[Data items]
....................

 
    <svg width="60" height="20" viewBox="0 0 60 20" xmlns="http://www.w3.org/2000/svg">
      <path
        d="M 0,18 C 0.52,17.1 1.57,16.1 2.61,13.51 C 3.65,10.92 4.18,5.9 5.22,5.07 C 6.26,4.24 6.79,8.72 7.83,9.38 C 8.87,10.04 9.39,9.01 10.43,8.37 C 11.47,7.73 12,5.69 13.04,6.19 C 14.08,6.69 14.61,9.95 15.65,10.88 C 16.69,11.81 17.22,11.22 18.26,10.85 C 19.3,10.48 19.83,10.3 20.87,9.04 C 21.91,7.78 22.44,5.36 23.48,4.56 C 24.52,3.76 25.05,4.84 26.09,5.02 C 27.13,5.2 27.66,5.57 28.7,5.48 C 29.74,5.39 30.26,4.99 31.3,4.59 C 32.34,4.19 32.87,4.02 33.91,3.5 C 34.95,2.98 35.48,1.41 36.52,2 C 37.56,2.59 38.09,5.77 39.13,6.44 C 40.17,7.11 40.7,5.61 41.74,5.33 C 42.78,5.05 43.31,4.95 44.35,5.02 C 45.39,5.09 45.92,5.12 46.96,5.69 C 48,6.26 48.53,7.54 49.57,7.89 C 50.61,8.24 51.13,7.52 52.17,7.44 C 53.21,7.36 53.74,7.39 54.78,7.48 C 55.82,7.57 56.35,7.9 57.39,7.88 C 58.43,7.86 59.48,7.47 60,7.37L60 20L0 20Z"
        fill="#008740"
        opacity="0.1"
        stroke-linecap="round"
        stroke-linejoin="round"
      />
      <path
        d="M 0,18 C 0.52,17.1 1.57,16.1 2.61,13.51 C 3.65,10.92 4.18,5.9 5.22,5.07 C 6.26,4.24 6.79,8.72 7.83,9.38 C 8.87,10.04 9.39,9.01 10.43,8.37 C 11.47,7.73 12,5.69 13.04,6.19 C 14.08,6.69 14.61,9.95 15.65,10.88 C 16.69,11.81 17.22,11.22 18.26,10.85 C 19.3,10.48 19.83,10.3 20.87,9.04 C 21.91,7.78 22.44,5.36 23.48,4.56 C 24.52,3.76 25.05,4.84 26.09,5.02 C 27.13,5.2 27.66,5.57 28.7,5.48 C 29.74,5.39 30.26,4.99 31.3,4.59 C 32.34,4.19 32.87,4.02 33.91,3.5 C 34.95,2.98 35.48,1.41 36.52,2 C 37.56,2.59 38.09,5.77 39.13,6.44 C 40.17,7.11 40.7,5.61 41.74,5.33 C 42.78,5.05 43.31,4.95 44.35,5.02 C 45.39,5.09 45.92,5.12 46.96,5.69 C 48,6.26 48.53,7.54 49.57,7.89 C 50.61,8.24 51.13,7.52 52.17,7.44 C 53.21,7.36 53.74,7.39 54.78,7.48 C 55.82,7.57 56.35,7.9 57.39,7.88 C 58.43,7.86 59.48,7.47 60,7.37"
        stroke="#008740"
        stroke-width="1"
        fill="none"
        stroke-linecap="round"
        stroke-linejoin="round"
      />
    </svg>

....................

§ Prompt
An exact reproduction of all the entries, complete to the last line, is needed.

§ Solution to the problem
    <svg width="60" height="20" viewBox="0 0 60 20" xmlns="http://www.w3.org/2000/svg">
      <path
        d="M 0,18 C 0.52,17.1 1.57,16.1 2.61,13.51 C 3.65,10.92 4.18,5.9 5.22,5.07 C 6.26,4.24 6.79,8.72 7.83,9.38 C 8.87,10.04 9.39,9.01 10.43,8.37 C 11.47,7.73 12,5.69 13.04,6.19 C 14.08,6.69 14.61,9.95 15.65,10.88 C 16.69,11.81 17.22,11.22 18.26,10.85 C 19.3,10.48 19.83,10.3 20.87,9.04 C 21.91,7.78 22.44,5.36 23.48,4.56 C 24.52,3.76 25.05,4.84 26.09,5.02 C 27.13,5.2 27.66,5.57 28.7,5.48 C 29.74,5.39 30.26,4.99 31.3,4.59 C 32.34,4.19 32.87,4.02 33.91,3.5 C 34.95,2.98 35.48,1.41 36.52,2 C 37.56,2.59 38.09,5.77 39.13,6.44 C 40.17,7.11 40.7,5.61 41.74,5.33 C 42.78,5.05 43.31,4.95 44.35,5.02 C 45.39,5.09 45.92,5.12 46.96,5.69 C 48,6.26 48.53,7.54 49.57,7.89 C 50.61,8.24 51.13,7.52 52.17,7.44 C 53.21,7.36 53.74,7.39 54.78,7.48 C 55.82,7.57 56.35,7.9 57.39,7.88 C 58.43,7.86 59.48,7.47 60,7.37L60 20L0 20Z"
        fill="#008740"
        opacity="0.1"
        stroke-linecap="round"
        stroke-linejoin="round"
      />
      <path
        d="M 0,18 C 0.52,17.1 1.57,16.1 2.61,13.51 C 3.65,10.92 4.18,5.9 5.22,5.07 C 6.26,4.24 6.79,8.72 7.83,9.38 C 8.87,10.04 9.39,9.01 10.43,8.37 C 11.47,7.73 12,5.69 13.04,6.19 C 14.08,6.69 14.61,9.95 15.65,10.88 C 16.69,11.81 17.22,11.22 18.26,10.85 C 19.3,10.48 19.83,10.3 20.87,9.04 C 21.91,7.78 22.44,5.36 23.48,4.56 C 24.52,3.76 25.05,4.84 26.09,5.02 C 27.13,5.2 27.66,5.57 28.7,5.48 C 29.74,5.39 30.26,4.99 31.3,4.59 C 32.34,4.19 32.87,4.02 33.91,3.5 C 34.95,2.98 35.48,1.41 36.52,2 C 37.56,2.59 38.09,5.77 39.13,6.44 C 40.17,7.11 40.7,5.61 41.74,5.33 C 42.78,5.05 43.31,4.95 44.35,5.02 C 45.39,5.09 45.92,5.12 46.96,5.69 C 48,6.26 48.53,7.54 49.57,7.89 C 50.61,8.24 51.13,7.52 52.17,7.44 C 53.21,7.36 53.74,7.39 54.78,7.48 C 55.82,7.57 56.35,7.9 57.39,7.88 C 58.43,7.86 59.48,7.47 60,7.37"
        stroke="#008740"
        stroke-width="1"
        fill="none"
        stroke-linecap="round"
        stroke-linejoin="round"
      />
    </svg>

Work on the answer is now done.